Il a troqué le costume gris et chemise claire pour le bleu de travail.
Et il est parti sur la route sixty six, à la recherche de vieilles bagnoles et de moteurs mécaniques sans technologie électronique.
Oui, je sais, pour l'instant il n'y a qu'une histoire et seulement Roberto.....
C'est que mon oncle est complexe : il s'est fait une réputation de mécanicien de vieux moteurs, en se déplaçant à la demande dans les 100 km aux alentours. Interventions rapides, recherches sur les pièces, faisaient son fond de commerce. C'est ainsi qu'il a fait connaissance un jour de cet homme hirsute et particulier, qui voulait se faire payer une réparation en photographies.
Tichy était un mécanicien aussi, dans son genre. Et leurs deux philosophies se rejoignaient.
L'un était un marcheur sous les étoiles, privilégiant les rencontres orales et verbales et réparant les moyens de transport. L'autre était un marcheur de la foule, privilégiant les rencontres visuelles un peu distantes. A cause de la pudeur.
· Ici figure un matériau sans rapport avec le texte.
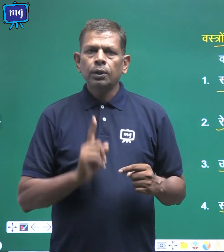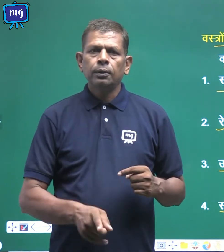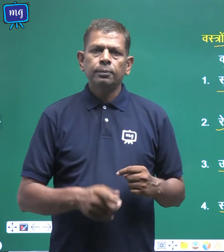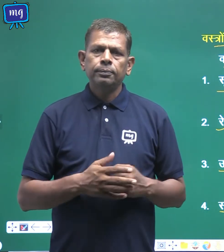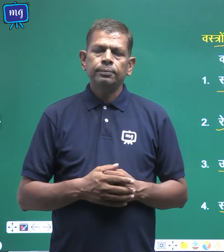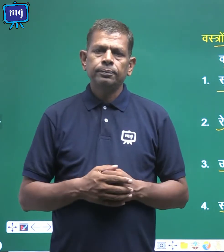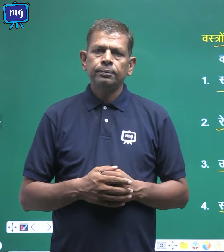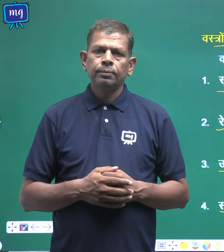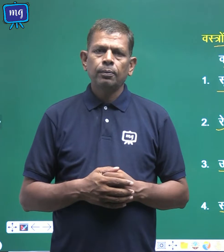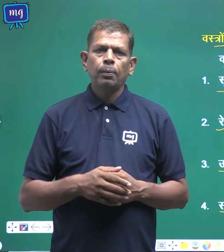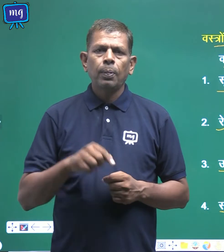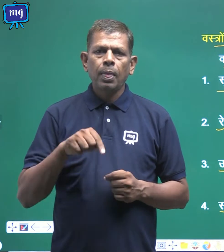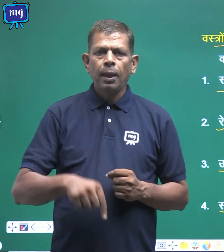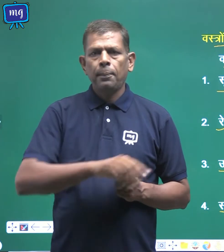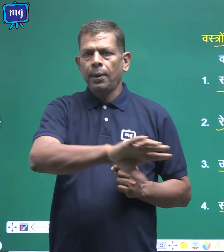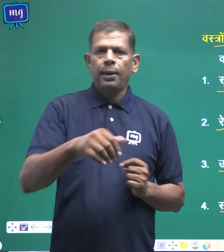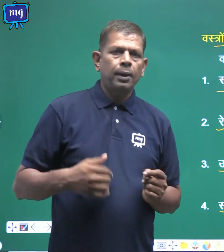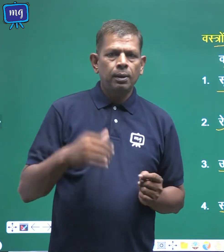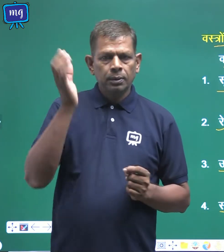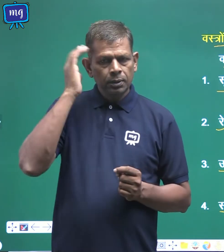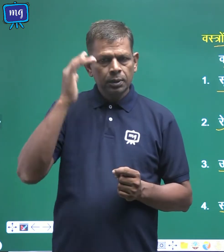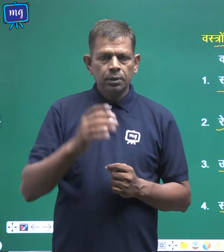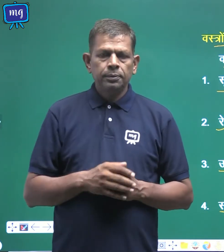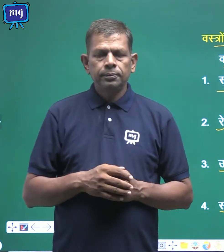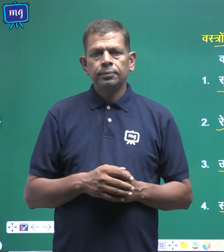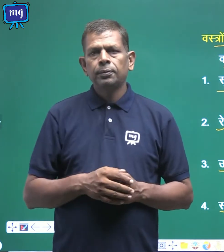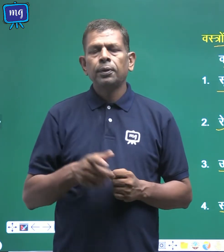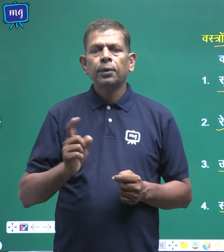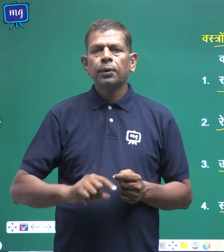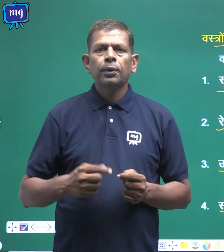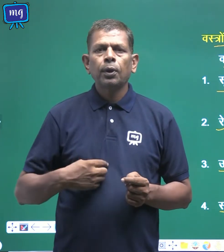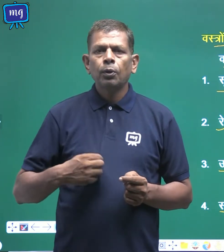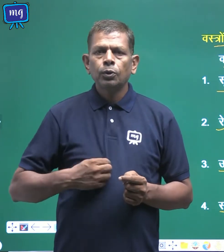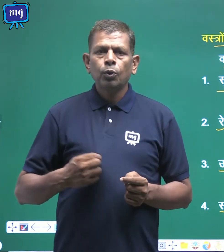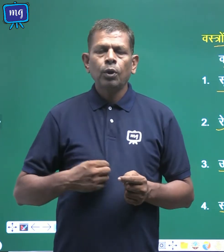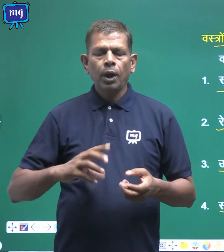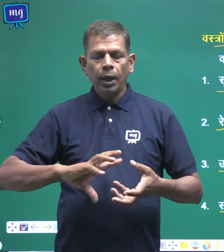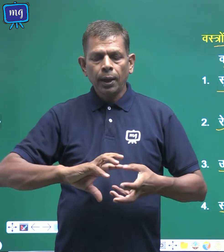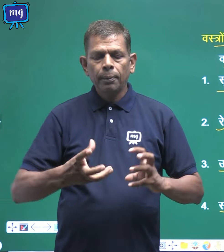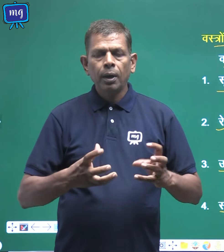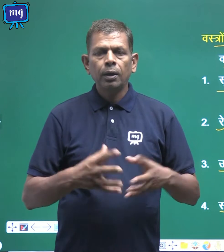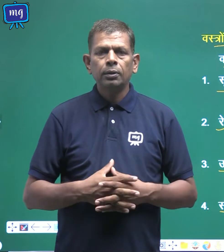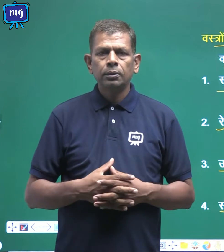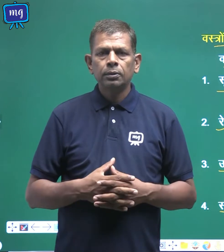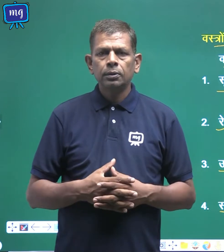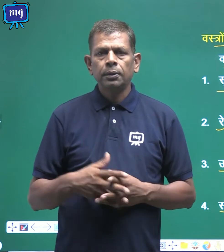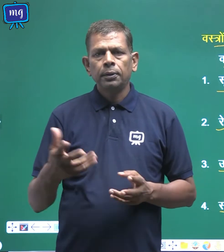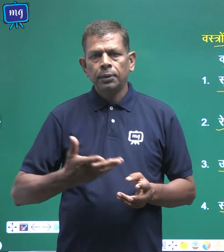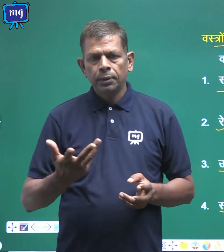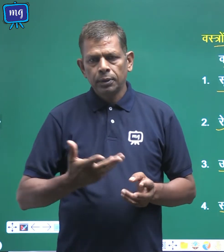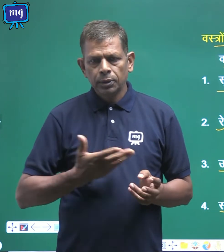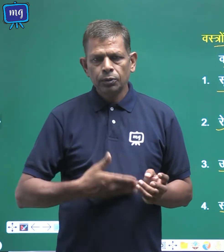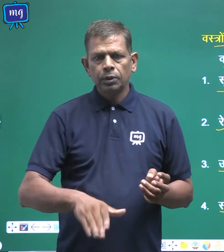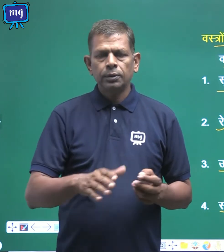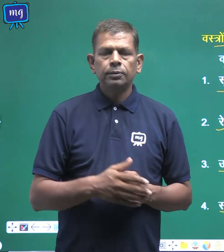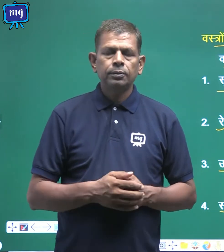अब हम समझेंगे कि वस्त्रों का निर्मान कैसे होता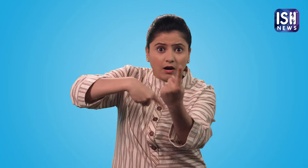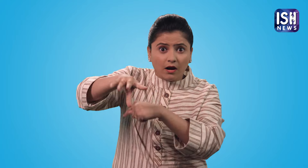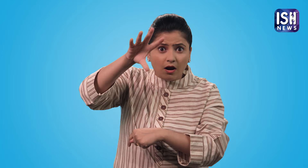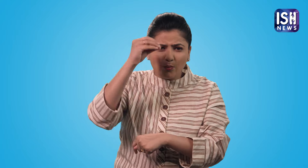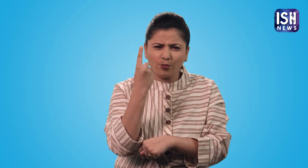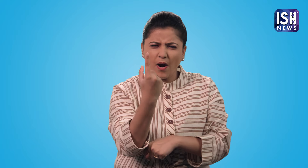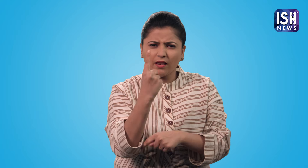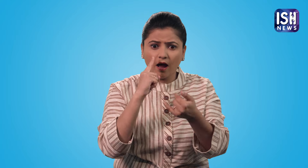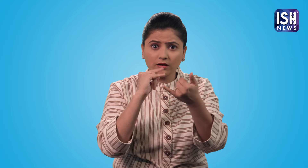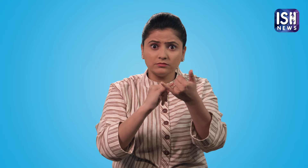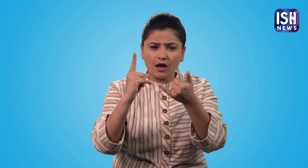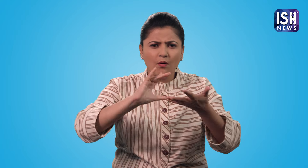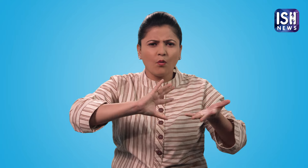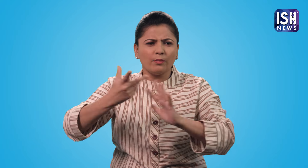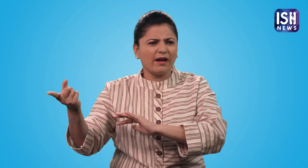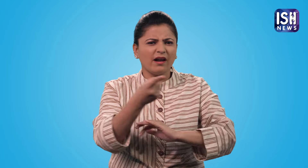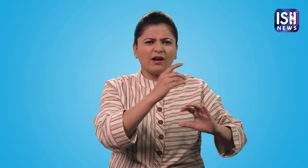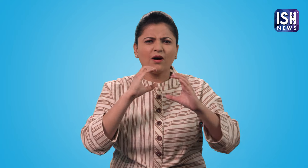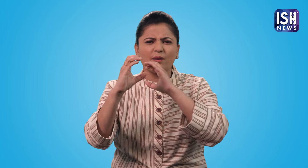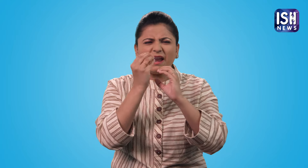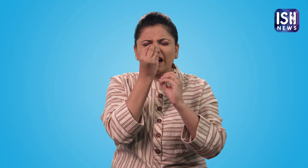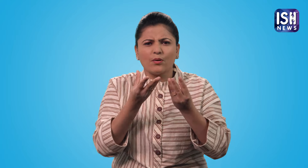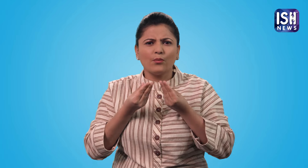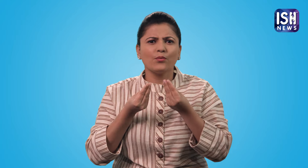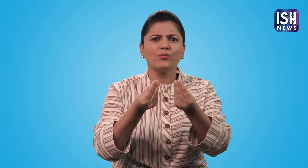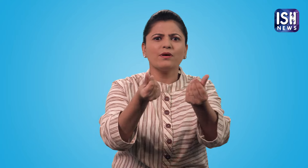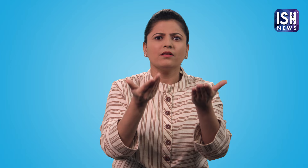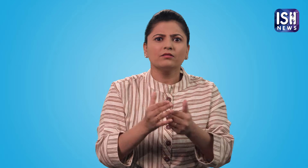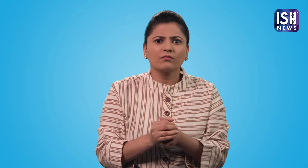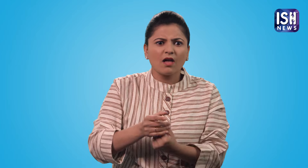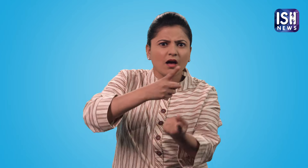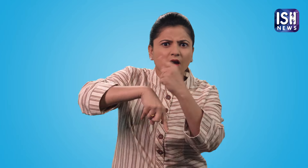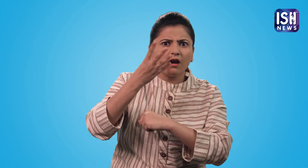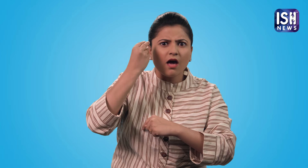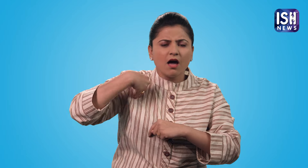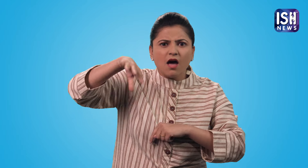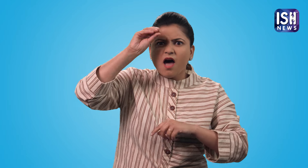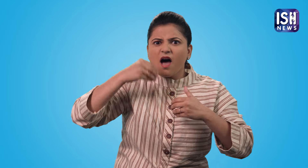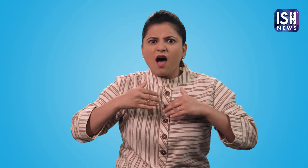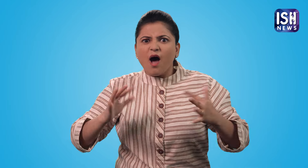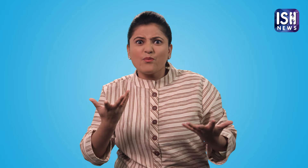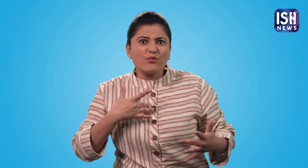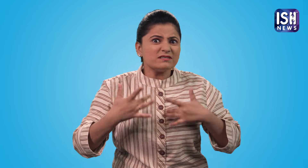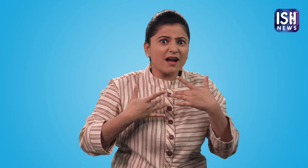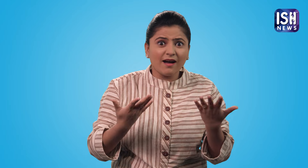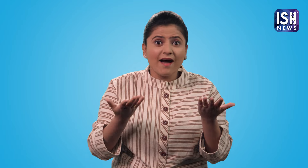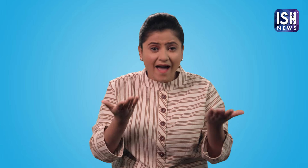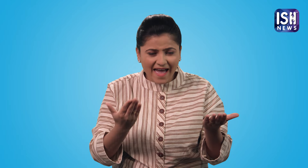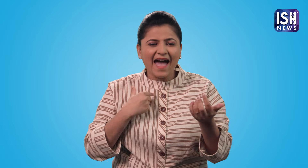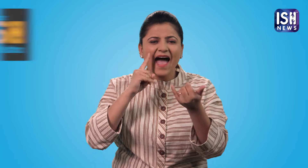लोगों के आयेसल सीखने के बाद वे डेफ के साथ fluently बाद कर सकते है अब आयेसल शिक्षा के आयेसल कोस के

Tichy se fabriquait ses propres appareils photos, avec du matériel de récupération. Et il exposait ses sténopés lui-même.
Tantôt il prenait pour modèles des femmes aux culs ronds. Dans des lieux assez déserts. Toujours en noir et blanc à l'aspect un peu crasseux, approximatif, un peu surexposé, à l'allure de vieux clichés. De la photographie brute, en somme.

Tantôt il photographiait les pieds, très souvent nus, qui lui rappelaient le chemin de ses parents pour arriver en France, depuis son lointain pays d'origine.
L'arpenteur magnifique et prosaïque paya donc un jour Roberto, mon oncle, en photographies.

Et c'est ainsi que celle-ci est arrivée en ma possession.
Enfant je m'imaginais que cette femme venait elle aussi de parcourir un long chemin pour rejoindre ses enfants, ou alors pour les sauver.
Parfois je pensais qu'elle avait marché des journées entières dans la montagne avant d'arriver à cet endroit, ce havre de paix, au bord d'un lac. Elle y avait trouvé une chaise longue au coussin rayé, comme ceux d'un bateau, et déposé là son foulard coloré. Sur la photo originale il était aussi en noir et blanc. Et ce n'est que récemment, grâce aux moyens modernes de traitement, que j'ai fait une version avec un foulard coloré.
Cette image me parle toujours d'une femme, que j'imagine comme ma grand-mère, fourbue d'avoir tant marché, et qui prend un repos mérité.
Elle exerçait aussi une fascination sur Roberto, mon oncle devenu mécanicien, qui croyait reconnaître ici le pied d'une de ses nombreuses maîtresses.
Et c'est sur ses instructions que j'ai redonné de la couleur aux tissus....
ooo
Ce texte est ma participation au diptyque, 5ème saison, 5ème production, organisé par Akynou. Je vous engage à aller lire les textes et voir les photos des autres participants, y compris les séries précédentes.
Note 1 : la première photo est effectivement de Miroslav Tichy. Celle du pied est d'Akynou. La semaine dernière une amie m'a parlé de Tichy.
Note 2 : le personnage de Roberto m'a été inspiré par cette chronique entendue sur France Inter mardi 1er juin, au sujet de ce livre Eloge du carburateur : essai sur le sens et la valeur du travail, de Mattew B. Crawford
Commentaires
J'aime bien et ...sympa les sources !
J'adore ce texte ! Je me demandais vraiment comment tu allais insérer le pied d'Akynou... chapeau, c'est très réussi !
Merci à tous les deux.
L'idée est venue au fil de l'histoire, nourrie de ce que j'ai cité comme sources....
Mais le pied pour moi était dès le départ un instrument de marche.
Akynou nous dira, mais pour moi il me semble que ce pied a bien marché et à besoin de repos.